Sociofinancer sa mise de fonds pour une maison?

Publié le 31/01/2015 à 08:00

Sociofinancer sa mise de fonds pour une maison?

Publié le 31/01/2015 à 08:00

Par Nafi Alibert

Down Payment Dreams aux États-Unis, WiSEED immobilier en France, Realty Mogul en Grande-Bretagne; les plateformes de financement participatif spécialisées en immobilier aident les aspirants propriétaires à accumuler le capital nécessaire pour acheter la maison de leurs rêves. Une pratique qui n’a pas encore vu le jour au Québec et au Canada. Pourquoi ?

Le dilemme que soulève le financement participatif d’un projet immobilier au Canada se trouve dans la nature de la récompense qui sera proposée aux investisseurs. Encore aujourd’hui, aucun profit financier ne peut être reversé en remerciement du soutien reçu. « Dans certains pays, les gens deviennent en partie actionnaires de la maison en échange de leur contribution à la mise de fonds, c’est ce qui n’est pas légal au Canada », dit Thomas Duperré, cofondateur de haricot.ca, une plateforme québécoise de sociofinancement.

Les termes de l’échange

Une place au premier rang d’un concert, une invitation au lancement d’un album ou une copie dédicacée d’un roman… Voilà le type de récompenses qui entrent dans le cadre prévu par la réglementation québécoise entourant les pratiques de sociofinancement qui se résument à un échange de bons procédés.
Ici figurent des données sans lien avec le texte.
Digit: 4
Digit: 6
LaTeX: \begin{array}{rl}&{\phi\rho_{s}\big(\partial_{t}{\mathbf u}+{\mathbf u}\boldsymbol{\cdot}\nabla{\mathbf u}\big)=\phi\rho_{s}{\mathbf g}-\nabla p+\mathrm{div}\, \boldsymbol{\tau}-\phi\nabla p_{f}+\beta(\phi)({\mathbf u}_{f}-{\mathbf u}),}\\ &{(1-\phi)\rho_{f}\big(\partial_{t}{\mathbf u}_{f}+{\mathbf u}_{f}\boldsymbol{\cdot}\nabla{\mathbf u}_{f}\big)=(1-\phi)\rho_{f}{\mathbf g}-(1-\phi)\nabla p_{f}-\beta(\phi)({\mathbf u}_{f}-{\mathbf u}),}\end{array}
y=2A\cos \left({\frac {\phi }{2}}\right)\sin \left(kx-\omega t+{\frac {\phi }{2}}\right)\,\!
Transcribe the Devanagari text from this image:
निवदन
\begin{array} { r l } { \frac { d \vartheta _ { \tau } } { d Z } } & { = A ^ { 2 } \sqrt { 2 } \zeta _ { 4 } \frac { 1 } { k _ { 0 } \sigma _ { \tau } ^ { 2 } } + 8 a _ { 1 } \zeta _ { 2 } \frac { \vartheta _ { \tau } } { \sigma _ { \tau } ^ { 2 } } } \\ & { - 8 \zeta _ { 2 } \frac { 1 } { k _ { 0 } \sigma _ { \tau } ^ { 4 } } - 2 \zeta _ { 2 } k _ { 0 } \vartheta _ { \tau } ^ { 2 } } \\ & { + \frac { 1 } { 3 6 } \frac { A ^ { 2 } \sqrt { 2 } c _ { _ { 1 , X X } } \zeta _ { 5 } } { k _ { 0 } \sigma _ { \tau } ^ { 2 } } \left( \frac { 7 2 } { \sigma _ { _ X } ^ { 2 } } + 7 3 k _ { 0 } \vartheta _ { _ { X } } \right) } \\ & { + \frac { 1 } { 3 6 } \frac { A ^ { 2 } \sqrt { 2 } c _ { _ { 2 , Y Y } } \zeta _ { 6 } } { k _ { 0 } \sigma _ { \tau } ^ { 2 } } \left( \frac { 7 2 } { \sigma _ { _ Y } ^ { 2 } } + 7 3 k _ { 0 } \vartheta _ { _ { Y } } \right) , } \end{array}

« Là où ça se complique, c’est lorsqu’en retour de votre participation, on vous promet un rendement ou une plus-value sur votre investissement », prévient Sylvain Théberge, directeur des relations médias à l’Autorité des marchés financiers (AMF).

Au Québec, ce qu’on appelle le financement participatif en capital est tout simplement prohibé. Des plateformes comme le portail français WiSEED Immobilier, qui affirme être en mesure d’offrir un rendement annuel de 10 % à certains investisseurs, ne pourraient donc pas voir le jour à l’heure actuelle, car leurs méthodes de financement impliquent l’émission de valeurs mobilières (action, part…).
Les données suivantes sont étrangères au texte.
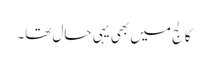
کالج میں بھی یہی حال تھا۔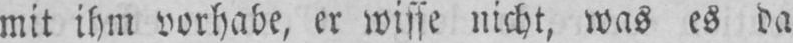
mit ihm vorhabe, er wisse nicht, was es da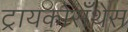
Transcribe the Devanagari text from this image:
ट्रायकोसँथेस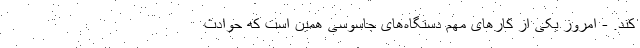
کند. - امروز یکی از کار‌های مهم دستگاه‌های جاسوسی همین است که حوادث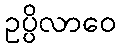
ဥပ္ပိလာဝေ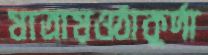
যাত্রায়ওঠাকুর্দা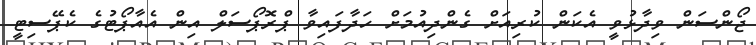
ޖޯންސަން ވިދާޅުވީ އެކަން ކުރިއަށް ގެންދިއުމަށް ހަދާފައިވާ ޕްރޮޕޯސަލް އިން އެއާޕޯޓުގެ ކެޕޭސިޓީ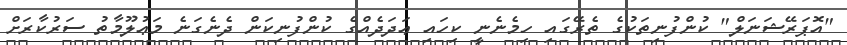
"އޮޕަރޭޝަނަލް" ކުންފުނިތަކުގެ ތެރޭގައި ހިމެނެނީ ކިހައި ޢަދަދެއްގެ ކުންފުނިކަން ދެނެގަނެ މަޢުލޫމާތު ސަރުކާރަށް
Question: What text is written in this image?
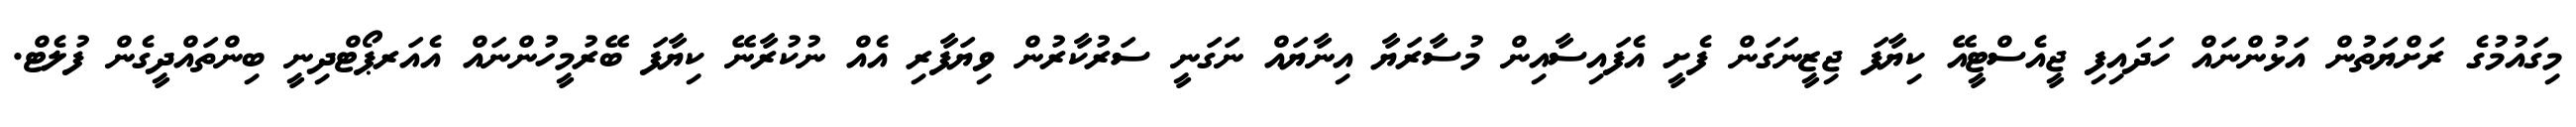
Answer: މިގައުމުގެ ރަށްޔަތުން އަޅުންނައް ހަދައިފި ޖީއެސްޓީއޭ ކިޔާފަ ޖިޒީނަގަން ފެށީ އެފައިސާއިން މުސާރަޔާ އިނާޔައް ނަގަނީ ސަރުކާރުން ވިޔަފާރި އެއް ނުކުރާނޭ ކިޔާފަ ބޭރުމީހުންނައް އެއަރޕޯޓްދިނީ ބިންތައްދީގެން ފުލެޓް.

« Dès que l’on propose un actif, on tombe dans ce qu’on appelle une activité qui est encadrée par la loi sur les valeurs mobilières. À ce moment-là, vous devez au préalable être inscrit comme courtier en valeurs mobilières, ou au moins comme courtier restreint en valeurs mobilières », précise M. Théberge.
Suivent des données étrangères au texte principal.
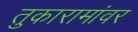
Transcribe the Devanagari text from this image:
तुकारामांवर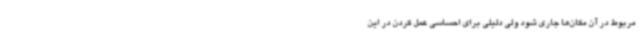
مربوط در آن مکان‌ها جاری شود ولی دلیلی برای احساسی عمل کردن در این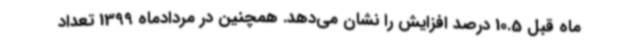
ماه قبل 10.5 درصد افزایش را نشان می‌دهد. همچنین در مردادماه 1399 تعداد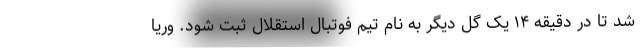
شد تا در دقیقه ۱۴ یک گل دیگر به نام تیم فوتبال استقلال ثبت شود. وریا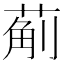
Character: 葪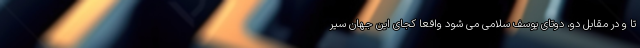
تا و در مقابل دو، دوتای یوسف سلامی می شود واقعا کجای این جهان سیر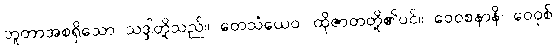
ဘူတာအစရှိသော သဒ္ဒါတို့သည်။ တေသံယေဝ၊ ထိုဇာတတို့၏ပင်။ ဝေဝစနာနိ၊ ဝေဝုစ်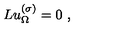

Internet, un espace public

Dans un souci de protection du consommateur, l’AMF interdit à quiconque de vendre des titres au grand public sans remettre de prospectus, un document qui décrit très précisément la nature et les conditions de l’investissement. D’où la nécessité d’un courtier accrédité à préparer « tout ce qui entoure la paperasse de cet investissement ».

« En tant que passerelle, nous n’avons pas le droit de faciliter la communication de valeurs mobilières entre les contributeurs et le porteur de projet sur des réseaux ouverts », ajoute M. Duperré, qui s’est vu contraint de refuser l’accès à haricot.ca à des personnes qui voulaient « carrément » acheter une maison. « On a insisté sur le fait que ça prend quand même un retour de récompense, en échange de la contribution. On a dit non, car ils voulaient que les gens deviennent des sortes d’actionnaires de la maison. »

Au même titre qu’un saxophoniste a le droit de s’installer dans le métro pour récolter de l’argent avec son instrument, il est tout à fait légal de solliciter l’appui financier auprès d’inconnus pour amasser sa mise de fonds en vue d’acheter une maison… à condition qu’il s’agisse d’un don ou qu'on redouble d’imagination pour proposer une récompense non monétaire à ses investisseurs.

Pour emboîter le pas sur d’autres pays, l’AMF travaille actuellement avec les autres régulateurs canadiens pour être en mesure de proposer d’ici l’été prochain deux nouvelles dispositions visant à réactualiser les réglementions qui encadrent la collecte de fonds sur des portails de sociofinancement. Dossier à suivre, donc.